Operator algebra is key to understanding how we manipulate and apply operators like differentiation. In mathematics, particularly in calculus, an operator is a symbol or function that signifies a mathematical operation. For example, the differentiation operator, denoted as $D$, takes a function and returns its derivative.

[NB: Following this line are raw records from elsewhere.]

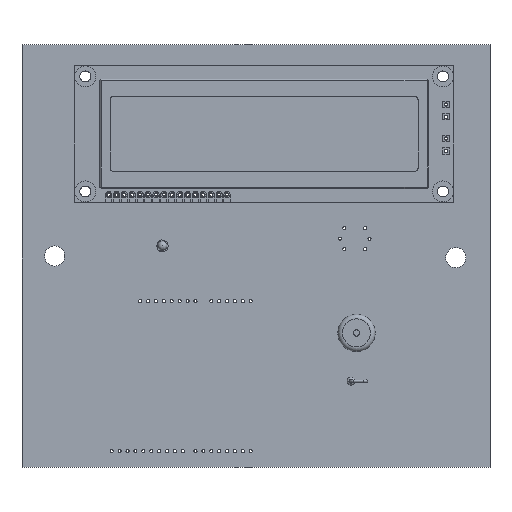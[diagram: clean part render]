
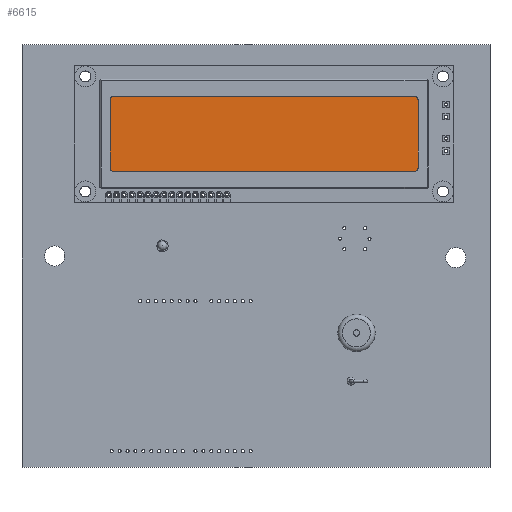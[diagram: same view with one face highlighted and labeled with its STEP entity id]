
A CAD part, top view. The second image highlights one B-rep face of the part: STEP entity #6615.
In plain terms, the highlighted planar face has unit normal (0, 0, 1).
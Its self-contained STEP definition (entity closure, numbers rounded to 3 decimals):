
#6375 = EDGE_CURVE('',#6376,#6378,#6380,.T.);
#6376 = VERTEX_POINT('',#6377);
#6377 = CARTESIAN_POINT('',(-66.5,-30.5,15.2));
#6378 = VERTEX_POINT('',#6379);
#6379 = CARTESIAN_POINT('',(-65.5,-31.5,15.2));
#6380 = CIRCLE('',#6381,1.);
#6381 = AXIS2_PLACEMENT_3D('',#6382,#6383,#6384);
#6382 = CARTESIAN_POINT('',(-65.5,-30.5,15.2));
#6383 = DIRECTION('',(-0.,0.,1.));
#6384 = DIRECTION('',(0.,-1.,0.));
#6386 = EDGE_CURVE('',#6376,#6387,#6389,.T.);
#6387 = VERTEX_POINT('',#6388);
#6388 = CARTESIAN_POINT('',(-66.5,-8.5,15.2));
#6389 = LINE('',#6390,#6391);
#6390 = CARTESIAN_POINT('',(-66.5,-31.5,15.2));
#6391 = VECTOR('',#6392,1.);
#6392 = DIRECTION('',(0.,1.,0.));
#6394 = EDGE_CURVE('',#6387,#6395,#6397,.T.);
#6395 = VERTEX_POINT('',#6396);
#6396 = CARTESIAN_POINT('',(-65.5,-7.5,15.2));
#6397 = CIRCLE('',#6398,1.);
#6398 = AXIS2_PLACEMENT_3D('',#6399,#6400,#6401);
#6399 = CARTESIAN_POINT('',(-65.5,-8.5,15.2));
#6400 = DIRECTION('',(-0.,-0.,-1.));
#6401 = DIRECTION('',(0.,-1.,0.));
#6403 = EDGE_CURVE('',#6395,#6404,#6406,.T.);
#6404 = VERTEX_POINT('',#6405);
#6405 = CARTESIAN_POINT('',(31.5,-7.5,15.2));
#6406 = LINE('',#6407,#6408);
#6407 = CARTESIAN_POINT('',(-66.5,-7.5,15.2));
#6408 = VECTOR('',#6409,1.);
#6409 = DIRECTION('',(1.,0.,0.));
#6411 = EDGE_CURVE('',#6412,#6404,#6414,.T.);
#6412 = VERTEX_POINT('',#6413);
#6413 = CARTESIAN_POINT('',(32.5,-8.5,15.2));
#6414 = CIRCLE('',#6415,1.);
#6415 = AXIS2_PLACEMENT_3D('',#6416,#6417,#6418);
#6416 = CARTESIAN_POINT('',(31.5,-8.5,15.2));
#6417 = DIRECTION('',(-0.,0.,1.));
#6418 = DIRECTION('',(0.,-1.,0.));
#6420 = EDGE_CURVE('',#6421,#6412,#6423,.T.);
#6421 = VERTEX_POINT('',#6422);
#6422 = CARTESIAN_POINT('',(32.5,-30.5,15.2));
#6423 = LINE('',#6424,#6425);
#6424 = CARTESIAN_POINT('',(32.5,-31.5,15.2));
#6425 = VECTOR('',#6426,1.);
#6426 = DIRECTION('',(0.,1.,0.));
#6428 = EDGE_CURVE('',#6429,#6421,#6431,.T.);
#6429 = VERTEX_POINT('',#6430);
#6430 = CARTESIAN_POINT('',(31.5,-31.5,15.2));
#6431 = CIRCLE('',#6432,1.);
#6432 = AXIS2_PLACEMENT_3D('',#6433,#6434,#6435);
#6433 = CARTESIAN_POINT('',(31.5,-30.5,15.2));
#6434 = DIRECTION('',(-0.,0.,1.));
#6435 = DIRECTION('',(0.,-1.,0.));
#6437 = EDGE_CURVE('',#6378,#6429,#6438,.T.);
#6438 = LINE('',#6439,#6440);
#6439 = CARTESIAN_POINT('',(-66.5,-31.5,15.2));
#6440 = VECTOR('',#6441,1.);
#6441 = DIRECTION('',(1.,0.,0.));
#6615 = ADVANCED_FACE('',(#6616),#6626,.T.);
#6616 = FACE_BOUND('',#6617,.T.);
#6617 = EDGE_LOOP('',(#6618,#6619,#6620,#6621,#6622,#6623,#6624,#6625));
#6618 = ORIENTED_EDGE('',*,*,#6420,.T.);
#6619 = ORIENTED_EDGE('',*,*,#6411,.T.);
#6620 = ORIENTED_EDGE('',*,*,#6403,.F.);
#6621 = ORIENTED_EDGE('',*,*,#6394,.F.);
#6622 = ORIENTED_EDGE('',*,*,#6386,.F.);
#6623 = ORIENTED_EDGE('',*,*,#6375,.T.);
#6624 = ORIENTED_EDGE('',*,*,#6437,.T.);
#6625 = ORIENTED_EDGE('',*,*,#6428,.T.);
#6626 = PLANE('',#6627);
#6627 = AXIS2_PLACEMENT_3D('',#6628,#6629,#6630);
#6628 = CARTESIAN_POINT('',(-66.5,-31.5,15.2));
#6629 = DIRECTION('',(0.,0.,1.));
#6630 = DIRECTION('',(1.,0.,-0.));

Understanding operator algebra helps us simplify complex expressions. For instance, when it comes to exponential functions and differentiation, knowing that $D(e^{ax}) = ae^{ax}$ allows us to combine and work with different parts of a function effectively. This is essential when dealing with higher-order derivatives or polynomial operators.

Product Rule

The product rule is a fundamental technique used in differentiation. It is crucial when differentiating the product of two functions. The product rule states:

For two functions $f(x)$ and $g(x)$: \ $ (fg)' = f'g + fg' $

This rule ensures that we account for the derivative of each function in the product. When differentiating $ e^{ax}y $, we apply the product rule:

\[ D(e^{ax}y) = e^{ax} D(y) + y D(e^{ax}) \]
Since $ D(e^{ax}) = ae^{ax} $, the expression simplifies:
\[ D(e^{ax}y) = e^{ax} (D + a)y \]
This step shows how the product rule is applied and helps us in overall simplification.

Polynomial Operators

Polynomial operators involve operators that act like polynomials. In our context, $L(D)$ is a polynomial operator where $D$ represents the differentiation operator. For example:

\[ L(D) = c_0 + c_1 D + c_2 D^2 + \ ... + c_n D^n \]

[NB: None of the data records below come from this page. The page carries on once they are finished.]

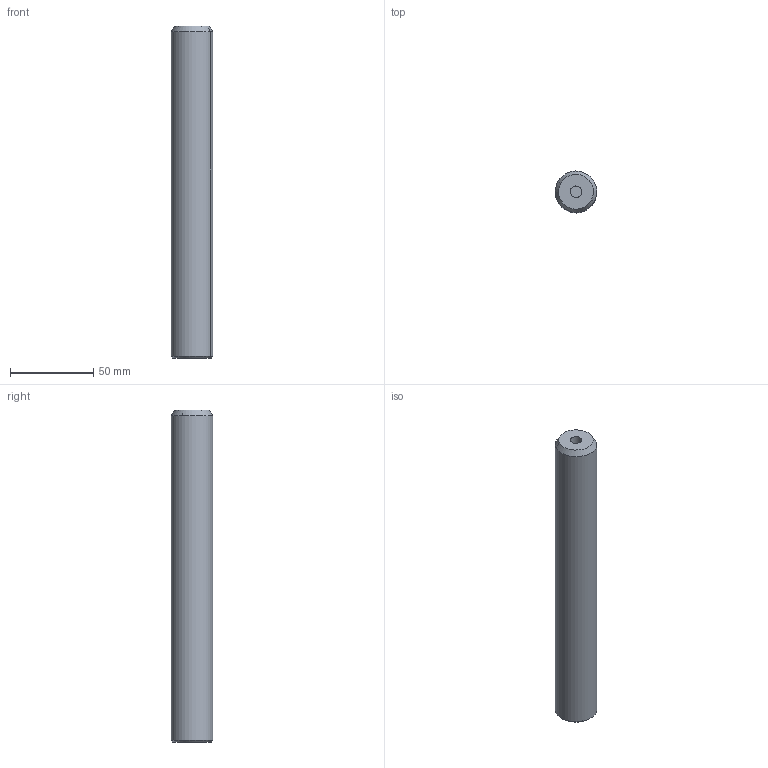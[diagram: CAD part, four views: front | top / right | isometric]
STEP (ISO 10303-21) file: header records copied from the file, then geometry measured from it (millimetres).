
FILE_DESCRIPTION(('CATIA V5 STEP Exchange'),'2;1');
FILE_NAME('RDCO301.25200.stp','2017-03-09T11:18:02+00:00',('none'),('none'),'CATIA Version 5 Release 19 GA (IN-10)','CATIA V5 STEP AP203','none');
FILE_SCHEMA(('CONFIG_CONTROL_DESIGN'));
Length unit declared in the file: millimetre
Products named in the file (1): RDCO301.25200
Bounding box: 24.99 x 24.99 x 200 mm (x, y, z)
Volume: 95624.4 mm3; surface area: 17818.7 mm2
Topology: 1 solids, 1 shells, 14 faces, 29 edges, 23 vertices
Faces by surface type: cylinder 6, plane 4, cone 4
Entity records: 391 total; most frequent: CARTESIAN_POINT 63, ORIENTED_EDGE 52, DIRECTION 49, AXIS2_PLACEMENT_3D 27, EDGE_CURVE 26, CIRCLE 16, EDGE_LOOP 16, VERTEX_POINT 16

This means $L(D)$ is a sum of terms, each involving the differentiation operator raised to some power. By applying our earlier results, we can transform polynomial operators using the exponential shift theorem:

\[ L(D)(e^{ax}y) = e^{ax} L(D + a)y \]
This simplifies our computations significantly, as it shifts the polynomial operator effectively. It allows us to handle complex expressions and combinations of functions without performing tedious individual derivatives each time.

Induction

Mathematical induction is a powerful tool for proving statements involving integers. It consists of two steps:

Base Case: Verify the statement for the initial value (usually n=1).
Induction Step: Assume the statement is true for some integer k and prove it for k+1.

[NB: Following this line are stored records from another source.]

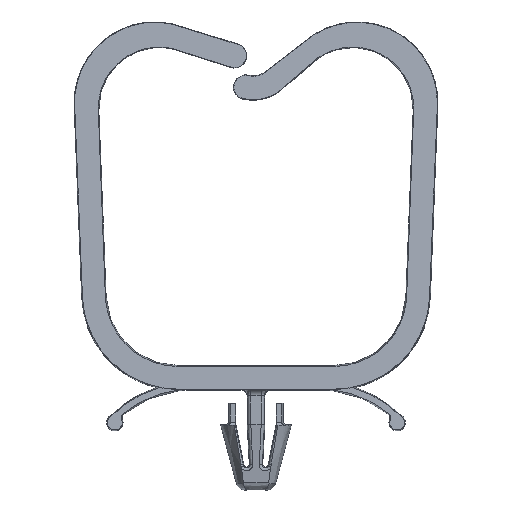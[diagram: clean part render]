
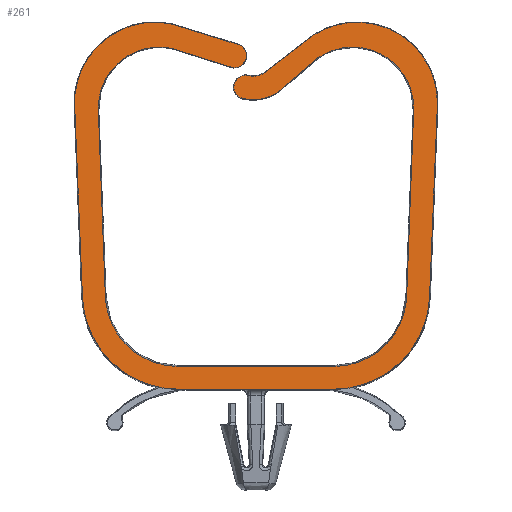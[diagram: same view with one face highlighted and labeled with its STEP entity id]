
A CAD part, front view. The second image highlights one B-rep face of the part: STEP entity #261.
In plain terms, the highlighted planar face has unit normal (0, -0.996, 0.087).
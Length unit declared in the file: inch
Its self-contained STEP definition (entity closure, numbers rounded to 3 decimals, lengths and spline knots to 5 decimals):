
#174=PLANE('',#2746);
#261=ADVANCED_FACE('',(#460),#174,.T.);
#460=FACE_OUTER_BOUND('',#619,.T.);
#619=EDGE_LOOP('',(#1457,#1458,#1459,#1460,#1461,#1462,#1463,#1464,#1465,
#1466,#1467,#1468,#1469,#1470,#1471,#1472,#1473,#1474,#1475,#1476,#1477,
#1478));
#739=LINE('',#3425,#872);
#784=LINE('',#3648,#917);
#785=LINE('',#3662,#918);
#788=LINE('',#3684,#921);
#791=LINE('',#3692,#924);
#794=LINE('',#3700,#927);
#797=LINE('',#3708,#930);
#798=LINE('',#3722,#931);
#799=LINE('',#3736,#932);
#801=LINE('',#3742,#934);
#872=VECTOR('',#2872,1.);
#917=VECTOR('',#3029,1.);
#918=VECTOR('',#3036,1.);
#921=VECTOR('',#3053,1.);
#924=VECTOR('',#3062,1.);
#927=VECTOR('',#3071,1.);
#930=VECTOR('',#3080,1.);
#931=VECTOR('',#3087,1.);
#932=VECTOR('',#3094,1.);
#934=VECTOR('',#3102,1.);
#1008=ELLIPSE('',#2669,0.33817,0.33689);
#1022=ELLIPSE('',#2715,0.33817,0.33689);
#1023=ELLIPSE('',#2718,0.28322,0.28214);
#1024=ELLIPSE('',#2721,0.07532,0.07504);
#1025=ELLIPSE('',#2723,0.04156,0.0414);
#1026=ELLIPSE('',#2725,0.15879,0.15818);
#1027=ELLIPSE('',#2728,0.21557,0.21475);
#1028=ELLIPSE('',#2731,0.25728,0.25631);
#1029=ELLIPSE('',#2734,0.25728,0.25631);
#1030=ELLIPSE('',#2737,0.21557,0.21475);
#1031=ELLIPSE('',#2740,0.04173,0.04157);
#1032=ELLIPSE('',#2743,0.28322,0.28214);
#1457=ORIENTED_EDGE('',*,*,#2340,.T.);
#1458=ORIENTED_EDGE('',*,*,#2342,.T.);
#1459=ORIENTED_EDGE('',*,*,#2344,.T.);
#1460=ORIENTED_EDGE('',*,*,#2346,.F.);
#1461=ORIENTED_EDGE('',*,*,#2348,.F.);
#1462=ORIENTED_EDGE('',*,*,#2350,.T.);
#1463=ORIENTED_EDGE('',*,*,#2352,.T.);
#1464=ORIENTED_EDGE('',*,*,#2354,.T.);
#1465=ORIENTED_EDGE('',*,*,#2356,.F.);
#1466=ORIENTED_EDGE('',*,*,#2358,.F.);
#1467=ORIENTED_EDGE('',*,*,#2360,.F.);
#1468=ORIENTED_EDGE('',*,*,#2362,.F.);
#1469=ORIENTED_EDGE('',*,*,#2364,.T.);
#1470=ORIENTED_EDGE('',*,*,#2366,.T.);
#1471=ORIENTED_EDGE('',*,*,#2368,.F.);
#1472=ORIENTED_EDGE('',*,*,#2370,.F.);
#1473=ORIENTED_EDGE('',*,*,#2372,.T.);
#1474=ORIENTED_EDGE('',*,*,#2374,.T.);
#1475=ORIENTED_EDGE('',*,*,#2376,.T.);
#1476=ORIENTED_EDGE('',*,*,#2377,.F.);
#1477=ORIENTED_EDGE('',*,*,#2275,.F.);
#1478=ORIENTED_EDGE('',*,*,#2251,.T.);
#2019=VERTEX_POINT('',#3424);
#2020=VERTEX_POINT('',#3426);
#2040=VERTEX_POINT('',#3487);
#2080=VERTEX_POINT('',#3643);
#2081=VERTEX_POINT('',#3647);
#2082=VERTEX_POINT('',#3654);
#2083=VERTEX_POINT('',#3661);
#2084=VERTEX_POINT('',#3665);
#2085=VERTEX_POINT('',#3669);
#2086=VERTEX_POINT('',#3676);
#2087=VERTEX_POINT('',#3683);
#2088=VERTEX_POINT('',#3687);
#2089=VERTEX_POINT('',#3691);
#2090=VERTEX_POINT('',#3695);
#2091=VERTEX_POINT('',#3699);
#2092=VERTEX_POINT('',#3703);
#2093=VERTEX_POINT('',#3707);
#2094=VERTEX_POINT('',#3714);
#2095=VERTEX_POINT('',#3721);
#2096=VERTEX_POINT('',#3728);
#2097=VERTEX_POINT('',#3735);
#2098=VERTEX_POINT('',#3739);
#2251=EDGE_CURVE('',#2020,#2019,#739,.T.);
#2275=EDGE_CURVE('',#2020,#2040,#1008,.T.);
#2340=EDGE_CURVE('',#2019,#2080,#1022,.T.);
#2342=EDGE_CURVE('',#2080,#2081,#784,.T.);
#2344=EDGE_CURVE('',#2081,#2082,#1023,.T.);
#2346=EDGE_CURVE('',#2083,#2082,#785,.T.);
#2348=EDGE_CURVE('',#2084,#2083,#1024,.T.);
#2350=EDGE_CURVE('',#2084,#2085,#1025,.T.);
#2352=EDGE_CURVE('',#2085,#2086,#1026,.T.);
#2354=EDGE_CURVE('',#2086,#2087,#788,.T.);
#2356=EDGE_CURVE('',#2088,#2087,#1027,.T.);
#2358=EDGE_CURVE('',#2089,#2088,#791,.T.);
#2360=EDGE_CURVE('',#2090,#2089,#1028,.T.);
#2362=EDGE_CURVE('',#2091,#2090,#794,.T.);
#2364=EDGE_CURVE('',#2091,#2092,#1029,.T.);
#2366=EDGE_CURVE('',#2092,#2093,#797,.T.);
#2368=EDGE_CURVE('',#2094,#2093,#1030,.T.);
#2370=EDGE_CURVE('',#2095,#2094,#798,.T.);
#2372=EDGE_CURVE('',#2095,#2096,#1031,.T.);
#2374=EDGE_CURVE('',#2096,#2097,#799,.T.);
#2376=EDGE_CURVE('',#2097,#2098,#1032,.T.);
#2377=EDGE_CURVE('',#2040,#2098,#801,.T.);
#2669=AXIS2_PLACEMENT_3D('',#3486,#2901,#2902);
#2715=AXIS2_PLACEMENT_3D('',#3644,#3024,#3025);
#2718=AXIS2_PLACEMENT_3D('',#3655,#3032,#3033);
#2721=AXIS2_PLACEMENT_3D('',#3666,#3040,#3041);
#2723=AXIS2_PLACEMENT_3D('',#3670,#3045,#3046);
#2725=AXIS2_PLACEMENT_3D('',#3677,#3049,#3050);
#2728=AXIS2_PLACEMENT_3D('',#3688,#3057,#3058);
#2731=AXIS2_PLACEMENT_3D('',#3696,#3066,#3067);
#2734=AXIS2_PLACEMENT_3D('',#3704,#3075,#3076);
#2737=AXIS2_PLACEMENT_3D('',#3715,#3083,#3084);
#2740=AXIS2_PLACEMENT_3D('',#3729,#3090,#3091);
#2743=AXIS2_PLACEMENT_3D('',#3740,#3098,#3099);
#2746=AXIS2_PLACEMENT_3D('',#3744,#3105,#3106);
#2872=DIRECTION('',(1.,0.,0.));
#2901=DIRECTION('',(0.,0.996,-0.087));
#2902=DIRECTION('',(0.,0.087,0.996));
#3024=DIRECTION('',(0.,-0.996,0.087));
#3025=DIRECTION('',(0.,0.087,0.996));
#3029=DIRECTION('',(0.041,0.087,0.995));
#3032=DIRECTION('',(0.,-0.996,0.087));
#3033=DIRECTION('',(0.,0.087,0.996));
#3036=DIRECTION('',(0.792,0.053,0.608));
#3040=DIRECTION('',(0.,-0.996,0.087));
#3041=DIRECTION('',(0.,-0.087,-0.996));
#3045=DIRECTION('',(0.,-0.996,0.087));
#3046=DIRECTION('',(0.,0.087,0.996));
#3049=DIRECTION('',(0.,-0.996,0.087));
#3050=DIRECTION('',(0.,0.087,0.996));
#3053=DIRECTION('',(0.757,0.057,0.651));
#3057=DIRECTION('',(0.,-0.996,0.087));
#3058=DIRECTION('',(0.,-0.087,-0.996));
#3062=DIRECTION('',(0.038,0.087,0.995));
#3066=DIRECTION('',(0.,-0.996,0.087));
#3067=DIRECTION('',(0.,-0.087,-0.996));
#3071=DIRECTION('',(1.,0.,0.));
#3075=DIRECTION('',(0.,0.996,-0.087));
#3076=DIRECTION('',(0.,-0.087,-0.996));
#3080=DIRECTION('',(-0.038,0.087,0.995));
#3083=DIRECTION('',(0.,-0.996,0.087));
#3084=DIRECTION('',(0.,-0.087,-0.996));
#3087=DIRECTION('',(-0.953,0.026,0.302));
#3090=DIRECTION('',(0.,-0.996,0.087));
#3091=DIRECTION('',(0.,0.087,0.996));
#3094=DIRECTION('',(-0.955,0.026,0.296));
#3098=DIRECTION('',(0.,-0.996,0.087));
#3099=DIRECTION('',(0.,0.087,0.996));
#3102=DIRECTION('',(-0.041,0.087,0.995));
#3105=DIRECTION('',(0.,-0.996,0.087));
#3106=DIRECTION('',(0.,-0.087,-0.996));
#3424=CARTESIAN_POINT('',(0.27378,-0.19012,-0.08287));
#3425=CARTESIAN_POINT('',(0.27378,-0.19012,-0.08287));
#3426=CARTESIAN_POINT('',(-0.27378,-0.19012,-0.08287));
#3486=CARTESIAN_POINT('',(-0.27378,-0.16065,0.25401));
#3487=CARTESIAN_POINT('',(-0.61039,-0.16185,0.24027));
#3643=CARTESIAN_POINT('',(0.61039,-0.16185,0.24027));
#3644=CARTESIAN_POINT('',(0.27378,-0.16065,0.25401));
#3647=CARTESIAN_POINT('',(0.63789,-0.10291,0.91402));
#3648=CARTESIAN_POINT('',(0.59666,-0.19127,-0.09595));
#3654=CARTESIAN_POINT('',(0.20341,-0.08114,1.16287));
#3655=CARTESIAN_POINT('',(0.35598,-0.1019,0.92553));
#3661=CARTESIAN_POINT('',(0.0303,-0.09277,1.02992));
#3662=CARTESIAN_POINT('',(0.03426,-0.0925,1.03296));
#3665=CARTESIAN_POINT('',(-0.02713,-0.09365,1.01986));
#3666=CARTESIAN_POINT('',(-0.01035,-0.08725,1.09299));
#3669=CARTESIAN_POINT('',(-0.04562,-0.10071,0.93915));
#3670=CARTESIAN_POINT('',(-0.03639,-0.09718,0.97951));
#3676=CARTESIAN_POINT('',(0.07965,-0.0986,0.96327));
#3677=CARTESIAN_POINT('',(-0.01035,-0.08722,1.09335));
#3683=CARTESIAN_POINT('',(0.21764,-0.08821,1.08204));
#3684=CARTESIAN_POINT('',(-0.32871,-0.12935,0.61177));
#3687=CARTESIAN_POINT('',(0.5546,-0.10436,0.89746));
#3688=CARTESIAN_POINT('',(0.34,-0.10365,0.90556));
#3691=CARTESIAN_POINT('',(0.5299,-0.16158,0.24344));
#3692=CARTESIAN_POINT('',(0.53043,-0.16035,0.25745));
#3695=CARTESIAN_POINT('',(0.27378,-0.18315,-0.0032));
#3696=CARTESIAN_POINT('',(0.27378,-0.16073,0.25311));
#3699=CARTESIAN_POINT('',(-0.27378,-0.18315,-0.0032));
#3700=CARTESIAN_POINT('',(-0.27378,-0.18315,-0.0032));
#3703=CARTESIAN_POINT('',(-0.5299,-0.16158,0.24344));
#3704=CARTESIAN_POINT('',(-0.27378,-0.16073,0.25311));
#3707=CARTESIAN_POINT('',(-0.5546,-0.10436,0.89746));
#3708=CARTESIAN_POINT('',(-0.51646,-0.19272,-0.11249));
#3714=CARTESIAN_POINT('',(-0.29262,-0.08532,1.11502));
#3715=CARTESIAN_POINT('',(-0.34,-0.10365,0.90556));
#3721=CARTESIAN_POINT('',(-0.08487,-0.09108,1.04923));
#3722=CARTESIAN_POINT('',(-0.0871,-0.09102,1.04993));
#3728=CARTESIAN_POINT('',(-0.06664,-0.08398,1.13034));
#3729=CARTESIAN_POINT('',(-0.07577,-0.08753,1.08979));
#3735=CARTESIAN_POINT('',(-0.29367,-0.07783,1.20071));
#3736=CARTESIAN_POINT('',(0.5892,-0.10177,0.92706));
#3739=CARTESIAN_POINT('',(-0.63789,-0.10291,0.91402));
#3740=CARTESIAN_POINT('',(-0.35598,-0.1019,0.92553));
#3742=CARTESIAN_POINT('',(-0.61096,-0.16063,0.25431));
#3744=CARTESIAN_POINT('',(0.27378,-0.19012,-0.08287));

For instance, to show \[ D^n(e^{ax}y) = e^{ax}(D+a)^n y \] for all positive integers, we use induction:
Base Case: For $n=1$, we have already shown: \[ D(e^{ax}y) = e^{ax}(D+a)y \]
Induction Step: Assume it holds for $n=k$: \[ D^k(e^{ax}y) = e^{ax}(D+a)^k y \] Now, for $n=k+1$:
Applying differentiation to $D^k(e^{ax}y)$ gives: \[ D^{k+1}(e^{ax}y) = D(e^{ax}(D+a)^k y) \] Using the product rule again: \[ D(e^{ax}(D+a)^k y) = e^{ax}(D+a)^{k+1} y \]
Thus, by induction, the statement holds for all positive integers.